**Task inputs**.
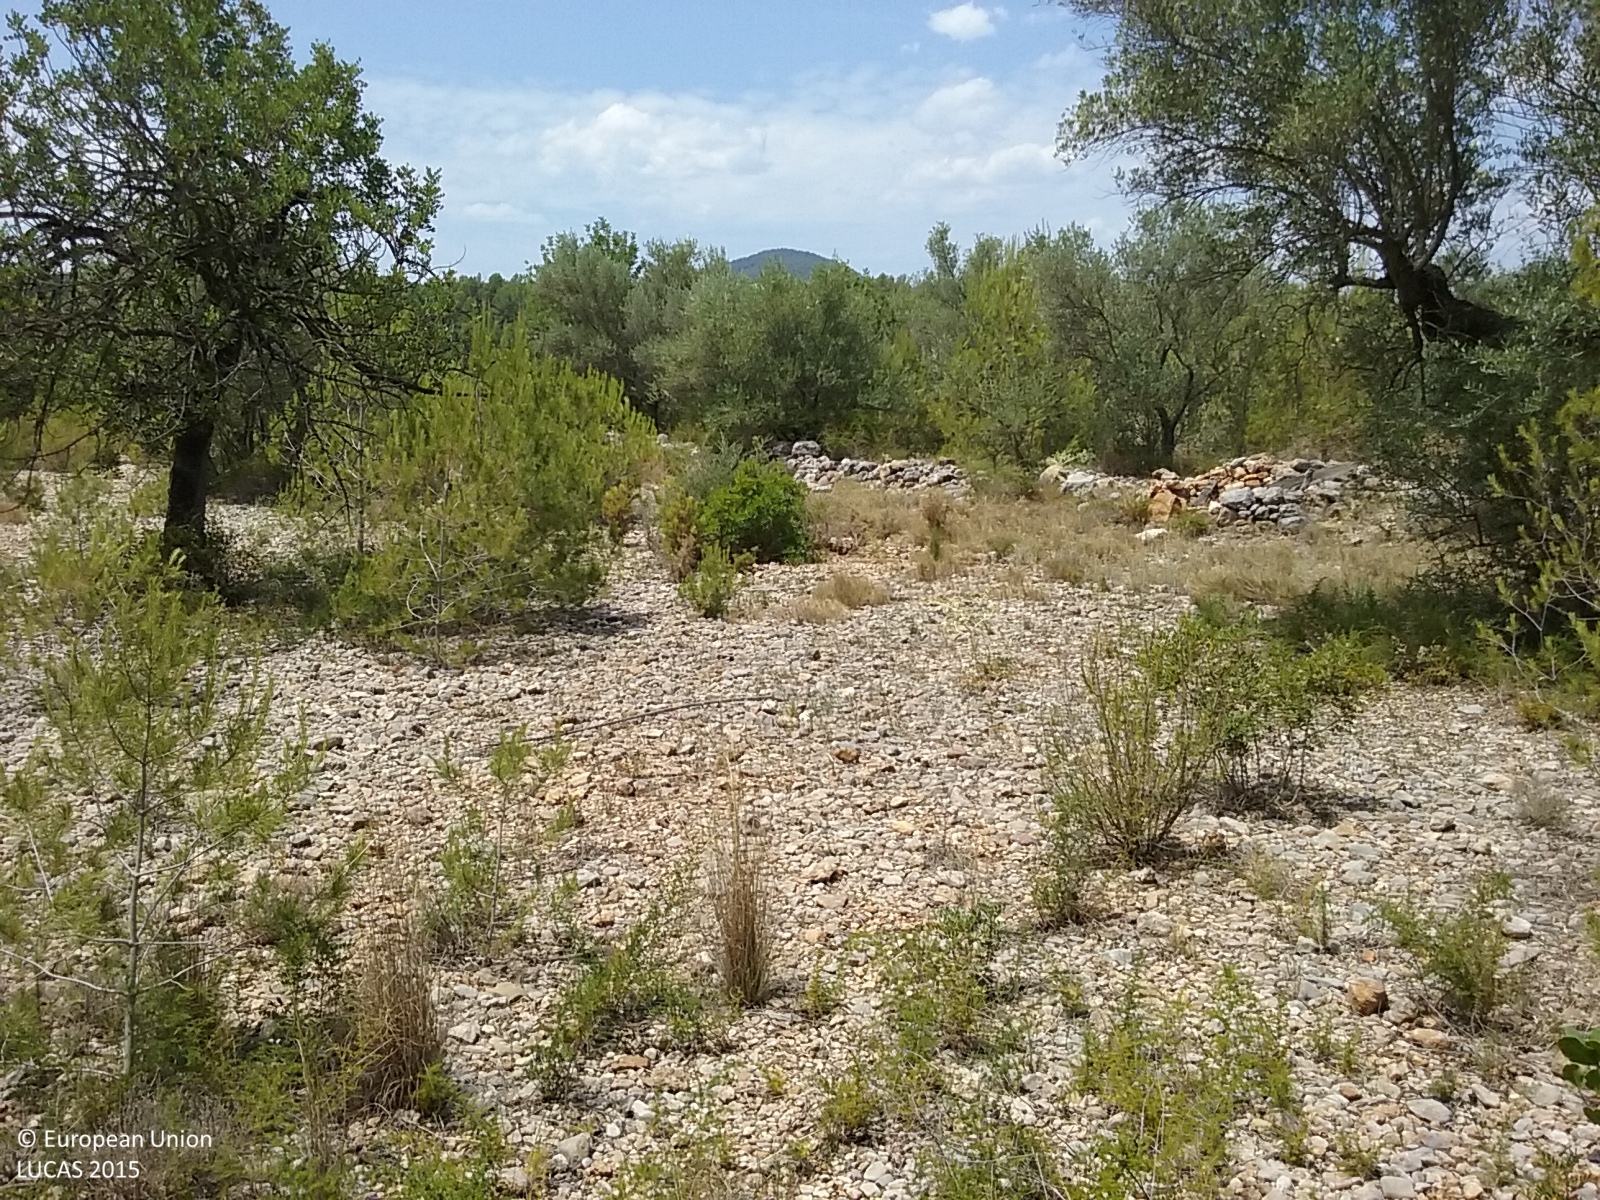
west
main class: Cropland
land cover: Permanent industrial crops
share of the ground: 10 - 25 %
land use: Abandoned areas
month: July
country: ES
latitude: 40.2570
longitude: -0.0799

**Exercise brief**. Restate each entry word for word, leaving out any pictures.

**Result of the exercise**.
west
main class: Cropland
land cover: Permanent industrial crops
share of the ground: 10 - 25 %
land use: Abandoned areas
month: July
country: ES
latitude: 40.2570
longitude: -0.0799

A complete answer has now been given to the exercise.